| Your assignment |
Going down the data below, set down exactly the line with "#52=CARTESIAN_POINT('',(-1.27,-8.89,0.));" and each line after it through the line with "#103=VERTEX_POINT('',#104);"; no other lines.
···
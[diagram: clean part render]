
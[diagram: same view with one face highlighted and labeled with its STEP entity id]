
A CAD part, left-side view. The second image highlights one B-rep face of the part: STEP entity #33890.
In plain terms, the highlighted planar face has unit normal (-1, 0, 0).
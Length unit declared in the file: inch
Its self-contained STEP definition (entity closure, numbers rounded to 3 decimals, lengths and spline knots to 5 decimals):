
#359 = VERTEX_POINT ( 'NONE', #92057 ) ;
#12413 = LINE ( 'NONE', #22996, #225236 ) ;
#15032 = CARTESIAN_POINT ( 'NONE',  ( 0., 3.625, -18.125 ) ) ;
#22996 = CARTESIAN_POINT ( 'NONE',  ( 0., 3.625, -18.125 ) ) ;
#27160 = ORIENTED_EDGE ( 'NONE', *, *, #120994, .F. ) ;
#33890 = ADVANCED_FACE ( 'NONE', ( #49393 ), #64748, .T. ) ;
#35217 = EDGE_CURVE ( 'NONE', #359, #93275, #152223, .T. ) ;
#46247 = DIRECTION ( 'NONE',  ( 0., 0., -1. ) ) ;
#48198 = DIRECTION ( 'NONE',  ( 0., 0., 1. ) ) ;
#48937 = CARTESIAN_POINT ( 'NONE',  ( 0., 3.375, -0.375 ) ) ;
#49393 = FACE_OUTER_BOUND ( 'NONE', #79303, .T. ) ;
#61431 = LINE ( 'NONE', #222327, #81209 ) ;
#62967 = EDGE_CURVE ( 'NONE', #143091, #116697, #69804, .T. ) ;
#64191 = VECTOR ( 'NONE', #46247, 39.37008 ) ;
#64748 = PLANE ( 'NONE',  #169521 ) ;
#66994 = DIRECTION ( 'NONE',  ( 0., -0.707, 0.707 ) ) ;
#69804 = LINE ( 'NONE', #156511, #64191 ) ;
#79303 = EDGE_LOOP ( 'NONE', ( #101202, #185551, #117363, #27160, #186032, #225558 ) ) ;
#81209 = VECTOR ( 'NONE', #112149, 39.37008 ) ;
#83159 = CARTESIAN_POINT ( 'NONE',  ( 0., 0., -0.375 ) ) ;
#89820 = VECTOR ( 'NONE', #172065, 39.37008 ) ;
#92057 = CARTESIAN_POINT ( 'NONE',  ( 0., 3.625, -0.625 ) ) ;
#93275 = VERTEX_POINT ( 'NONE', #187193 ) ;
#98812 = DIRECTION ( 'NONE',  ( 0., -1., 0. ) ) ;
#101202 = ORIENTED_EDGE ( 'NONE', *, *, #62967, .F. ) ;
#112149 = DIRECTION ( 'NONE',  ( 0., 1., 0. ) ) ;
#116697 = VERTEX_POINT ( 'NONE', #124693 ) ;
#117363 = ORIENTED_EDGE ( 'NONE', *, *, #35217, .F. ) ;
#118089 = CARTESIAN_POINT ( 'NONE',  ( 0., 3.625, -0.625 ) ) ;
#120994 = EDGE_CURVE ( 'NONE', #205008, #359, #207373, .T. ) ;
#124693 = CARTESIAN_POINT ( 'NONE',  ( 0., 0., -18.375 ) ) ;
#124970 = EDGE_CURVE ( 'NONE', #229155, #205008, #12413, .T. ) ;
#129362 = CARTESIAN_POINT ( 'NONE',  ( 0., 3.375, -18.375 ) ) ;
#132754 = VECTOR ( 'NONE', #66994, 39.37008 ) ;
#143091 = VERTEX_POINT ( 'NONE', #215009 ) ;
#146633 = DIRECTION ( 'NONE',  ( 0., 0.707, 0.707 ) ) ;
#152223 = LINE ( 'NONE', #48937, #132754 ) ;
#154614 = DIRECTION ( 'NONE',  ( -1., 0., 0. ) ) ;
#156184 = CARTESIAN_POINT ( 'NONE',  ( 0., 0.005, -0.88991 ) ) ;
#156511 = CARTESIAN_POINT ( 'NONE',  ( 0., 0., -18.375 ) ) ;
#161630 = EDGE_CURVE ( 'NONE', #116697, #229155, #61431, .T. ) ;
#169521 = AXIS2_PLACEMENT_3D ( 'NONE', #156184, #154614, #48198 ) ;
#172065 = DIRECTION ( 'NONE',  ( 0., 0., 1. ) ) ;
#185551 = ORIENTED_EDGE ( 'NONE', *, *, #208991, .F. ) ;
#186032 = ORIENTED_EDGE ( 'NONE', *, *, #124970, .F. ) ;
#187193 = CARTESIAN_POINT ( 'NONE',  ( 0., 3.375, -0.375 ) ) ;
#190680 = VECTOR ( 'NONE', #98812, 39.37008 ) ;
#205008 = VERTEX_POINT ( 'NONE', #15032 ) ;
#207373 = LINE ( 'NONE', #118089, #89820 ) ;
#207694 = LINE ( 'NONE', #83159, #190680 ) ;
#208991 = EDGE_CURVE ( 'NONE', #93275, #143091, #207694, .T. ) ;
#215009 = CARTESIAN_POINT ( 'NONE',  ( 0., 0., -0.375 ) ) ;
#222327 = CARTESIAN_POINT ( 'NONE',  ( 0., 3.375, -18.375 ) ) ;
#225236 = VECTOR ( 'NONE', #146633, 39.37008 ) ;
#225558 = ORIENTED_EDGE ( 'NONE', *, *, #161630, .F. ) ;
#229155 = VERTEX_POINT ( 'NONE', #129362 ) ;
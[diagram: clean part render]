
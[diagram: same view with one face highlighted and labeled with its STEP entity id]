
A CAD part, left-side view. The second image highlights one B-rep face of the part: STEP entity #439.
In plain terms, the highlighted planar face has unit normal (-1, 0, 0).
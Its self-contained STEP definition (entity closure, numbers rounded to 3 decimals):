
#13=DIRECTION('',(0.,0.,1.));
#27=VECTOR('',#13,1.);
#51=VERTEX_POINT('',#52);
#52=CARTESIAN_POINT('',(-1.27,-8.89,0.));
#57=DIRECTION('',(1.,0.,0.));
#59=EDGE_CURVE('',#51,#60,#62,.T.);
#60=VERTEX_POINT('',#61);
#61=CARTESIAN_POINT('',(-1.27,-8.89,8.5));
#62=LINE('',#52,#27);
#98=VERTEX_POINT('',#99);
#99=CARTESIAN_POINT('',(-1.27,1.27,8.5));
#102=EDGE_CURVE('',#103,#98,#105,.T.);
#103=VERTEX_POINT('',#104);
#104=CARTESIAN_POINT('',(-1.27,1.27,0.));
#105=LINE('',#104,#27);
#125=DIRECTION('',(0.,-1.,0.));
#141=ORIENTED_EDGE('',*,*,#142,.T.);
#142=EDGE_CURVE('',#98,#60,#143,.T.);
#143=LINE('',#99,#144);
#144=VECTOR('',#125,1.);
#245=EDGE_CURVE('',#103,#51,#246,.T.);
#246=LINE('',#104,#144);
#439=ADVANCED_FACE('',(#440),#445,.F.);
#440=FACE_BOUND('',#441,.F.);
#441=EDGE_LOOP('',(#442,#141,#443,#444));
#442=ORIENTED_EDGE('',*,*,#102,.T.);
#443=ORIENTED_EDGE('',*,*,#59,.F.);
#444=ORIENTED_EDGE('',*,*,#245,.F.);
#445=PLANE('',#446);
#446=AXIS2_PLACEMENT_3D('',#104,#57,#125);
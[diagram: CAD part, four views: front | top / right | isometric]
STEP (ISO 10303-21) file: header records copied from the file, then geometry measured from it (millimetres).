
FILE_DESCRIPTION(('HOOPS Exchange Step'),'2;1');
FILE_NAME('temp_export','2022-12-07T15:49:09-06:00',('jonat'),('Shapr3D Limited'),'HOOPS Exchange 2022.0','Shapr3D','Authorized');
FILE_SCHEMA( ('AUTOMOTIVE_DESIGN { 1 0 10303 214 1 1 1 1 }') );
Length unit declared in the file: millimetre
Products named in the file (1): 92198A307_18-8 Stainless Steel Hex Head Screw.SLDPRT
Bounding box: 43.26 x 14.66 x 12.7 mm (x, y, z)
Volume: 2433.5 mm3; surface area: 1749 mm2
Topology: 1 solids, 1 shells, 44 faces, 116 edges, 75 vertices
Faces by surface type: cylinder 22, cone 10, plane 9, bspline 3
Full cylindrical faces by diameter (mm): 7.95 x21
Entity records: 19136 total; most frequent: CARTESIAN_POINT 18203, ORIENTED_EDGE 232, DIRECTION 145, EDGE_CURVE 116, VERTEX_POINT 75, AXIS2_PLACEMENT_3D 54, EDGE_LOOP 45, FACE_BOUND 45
···
| Finished exercise |
#52=CARTESIAN_POINT('',(-1.27,-8.89,0.));
#57=DIRECTION('',(1.,0.,0.));
#59=EDGE_CURVE('',#51,#60,#62,.T.);
#60=VERTEX_POINT('',#61);
#61=CARTESIAN_POINT('',(-1.27,-8.89,8.5));
#62=LINE('',#52,#27);
#98=VERTEX_POINT('',#99);
#99=CARTESIAN_POINT('',(-1.27,1.27,8.5));
#102=EDGE_CURVE('',#103,#98,#105,.T.);
#103=VERTEX_POINT('',#104);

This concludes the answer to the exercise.